The only thing that I could possibly imagine is that you could get races
between different reader coroutines. A CoMutex around the call to
convert_iterate_sectors() should fix that.

If you have recursive entries, that looks more like a simple bug,
though.

>     > @@ -1544,11 +1561,13 @@ static int convert_iteration_sectors
>     (ImgConvertState *s, int64_t sector_num)
>     >      return n;
>     >  }
>     >  
>     > -static int convert_read(ImgConvertState *s, int64_t sector_num, int
>     nb_sectors,
>     > -                        uint8_t *buf)
>     > +static int convert_co_read(ImgConvertState *s, ImgConvertRequest *req,
>     > +                           uint8_t *buf, QEMUIOVector *qiov)
> 
>     This is a weird interface: You want to get a created, but empty qiov
>     from the caller. There's no real point in that. The traditional approch
>     is having a struct iovec on the stack here locally and then using
>     qemu_iovec_init_external().
> 
> 
> The idea was to avoid the qemu_iovec every time because this involves a malloc,
> but I admit its not nice.

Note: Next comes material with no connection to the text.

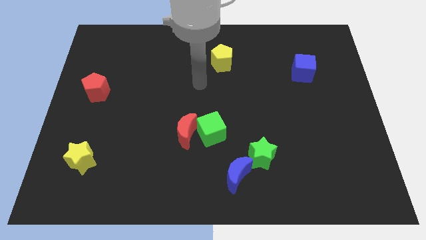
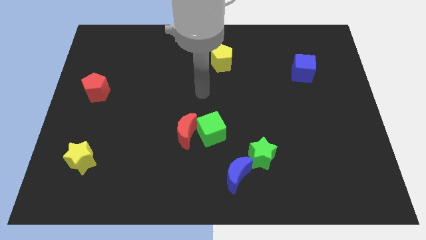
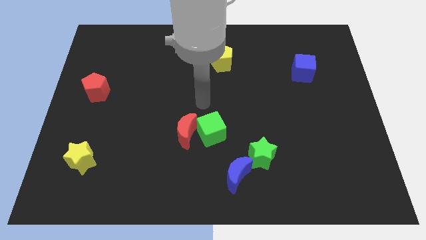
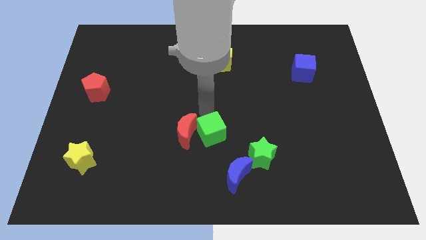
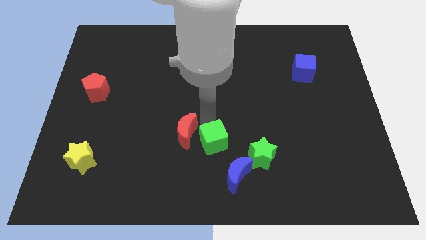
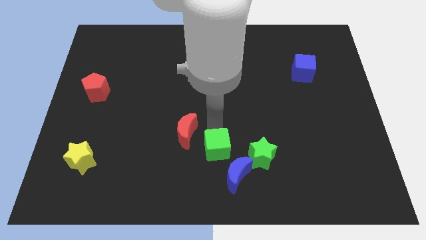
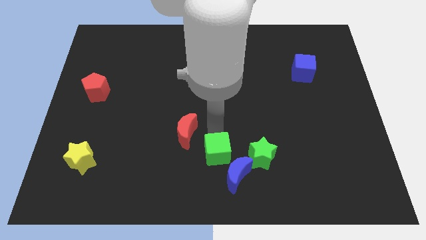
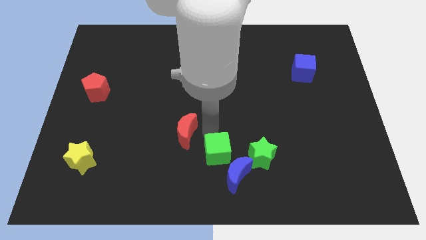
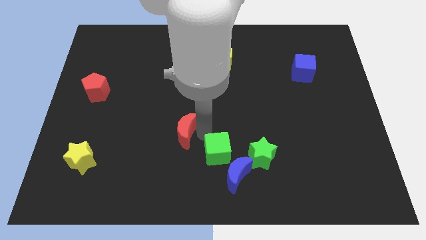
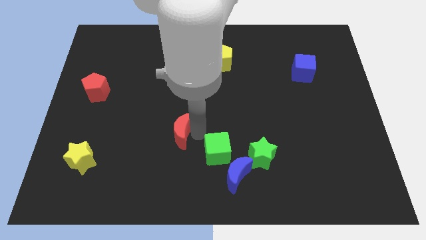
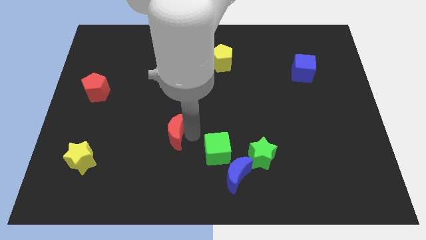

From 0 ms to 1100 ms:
pull the red moon apart from the green cube

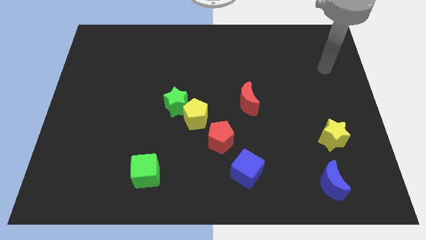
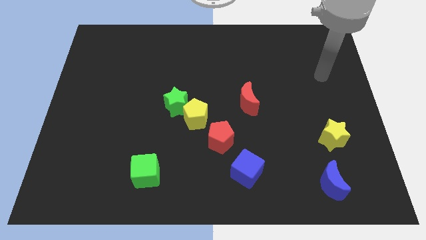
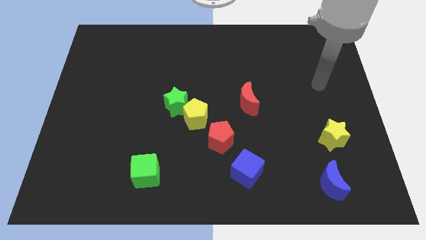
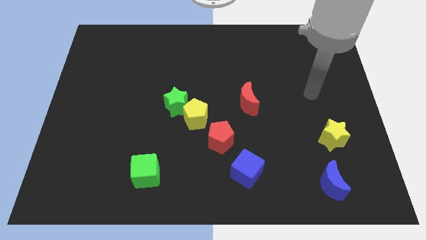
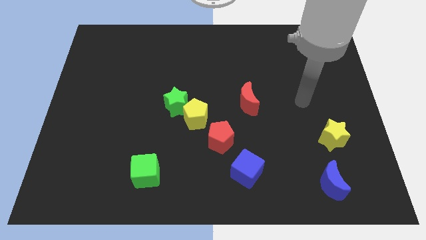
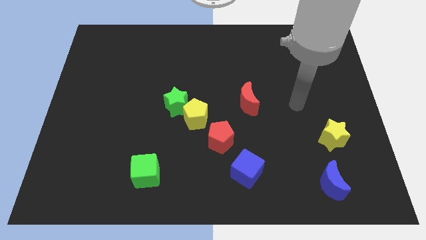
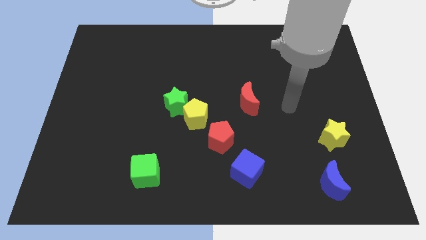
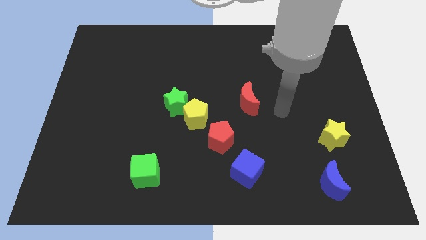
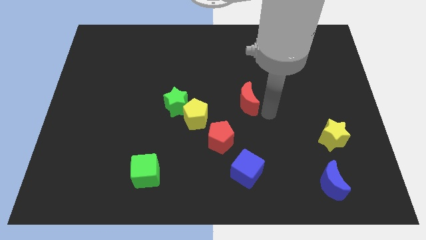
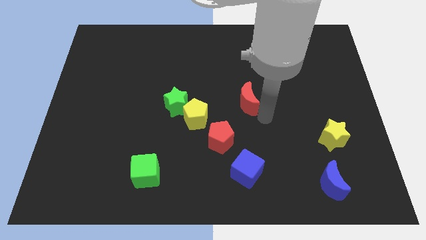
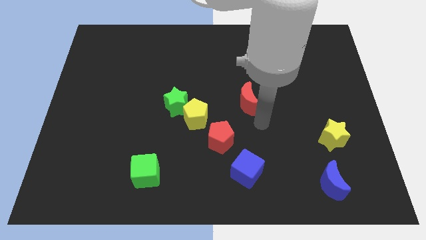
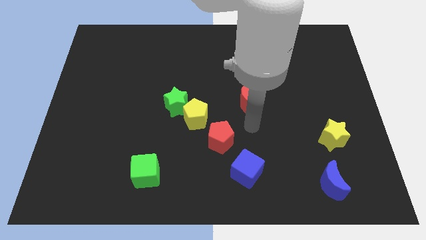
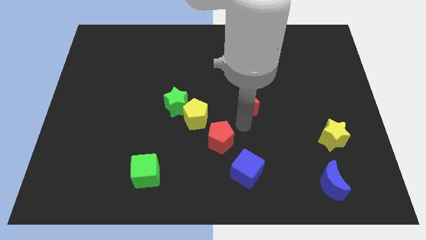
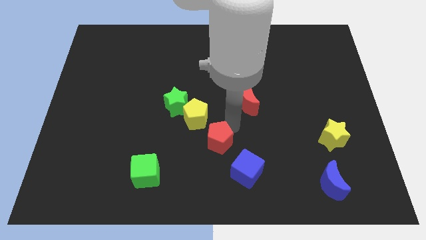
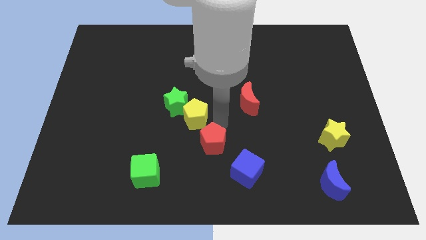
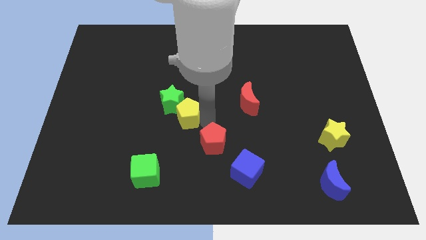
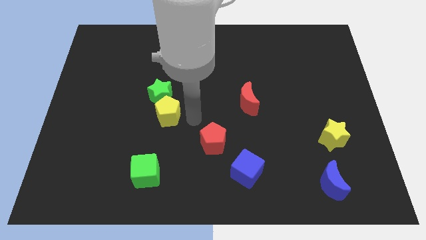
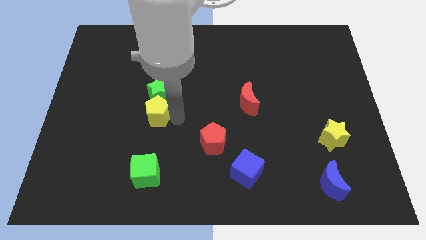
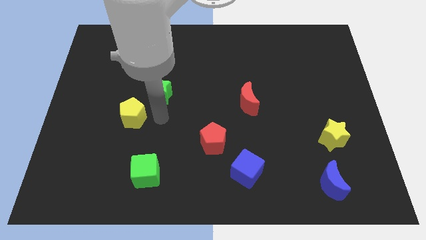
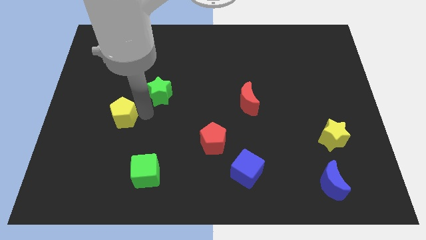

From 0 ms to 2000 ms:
pull the green star apart from the yellow pentagon

Maybe I find a better approach.

qemu_iovec_init_external() doesn't involve a malloc.

>     > -static int convert_do_copy(ImgConvertState *s)
>     > +static void convert_co_do_copy(void *opaque)
>     >  {
>     > +    ImgConvertState *s = opaque;
>     >      uint8_t *buf = NULL;
>     > -    int64_t sector_num, allocated_done;
>     > +    int ret, i;
>     > +    ImgConvertRequest *req, *next_req;
>     > +    QEMUIOVector qiov;
>     > +    int index = -1;
>     > +
>     > +    for (i = 0; i < NUM_COROUTINES; i++) {
>     > +        if (s->co[i] == qemu_coroutine_self()) {
>     > +            index = i;
>     > +            break;
>     > +        }
>     > +    }
>     > +    assert(index >= 0);
>     > +
>     > +    qemu_iovec_init(&qiov, 1);
>     > +    buf = blk_blockalign(s->target, s->buf_sectors * BDRV_SECTOR_SIZE);
>     > +
>     > +    while (s->ret == -EINPROGRESS && (req = QSIMPLEQ_FIRST(&s->queue)))
>     {
>     > +        QSIMPLEQ_REMOVE_HEAD(&s->queue, next);
>     > +        next_req = QSIMPLEQ_FIRST(&s->queue);
>     > +
>     > +        s->allocated_done += req->nb_sectors;
>     > +        qemu_progress_print(100.0 * s->allocated_done / s->
>     allocated_sectors,
>     > +                            0);
>     > +
>     > +        if (req->status == BLK_DATA) {
>     > +            ret = convert_co_read(s, req, buf, &qiov);
>     > +            if (ret < 0) {
>     > +                error_report("error while reading sector %" PRId64
>     > +                             ": %s", req->sector_num, strerror(-ret));
>     > +                s->ret = ret;
>     > +                goto out;
>     > +            }
>     > +        }
>     > +
>     > +        /* keep writes in order */
>     > +        while (s->wr_offs != req->sector_num) {
>     > +            if (s->ret != -EINPROGRESS) {
>     > +                goto out;
>     > +            }
>     > +            s->wait_sector_num[index] = req->sector_num;
>     > +            qemu_coroutine_yield();
>     > +        }
>     > +        s->wait_sector_num[index] = -1;
> 
>     Okay, so may this is the most important part of the patch.
> 
>     If we need to keep writes in order, we can only have a single coroutine
>     that is currently writing. Then how likely is it that more than one
>     other coroutine could actually be reading at the same time rather than
>     just waiting for the current writer to be finished?
> 
>     My assumption is that it effectively degenerates to exactly one reader
>     and one writer, which means that we don't actually need a command line
>     option to configure the number of coroutines, and that our default of 8
>     is already higher than useful.
> 
> 
> I will check the result for 4 and 2 coroutines. My observation or fear was
> that a read and write that are effectively no-ops (BLK_ZERO with s->
> has_zero_init)
> could block the queue and avoid to read ahead.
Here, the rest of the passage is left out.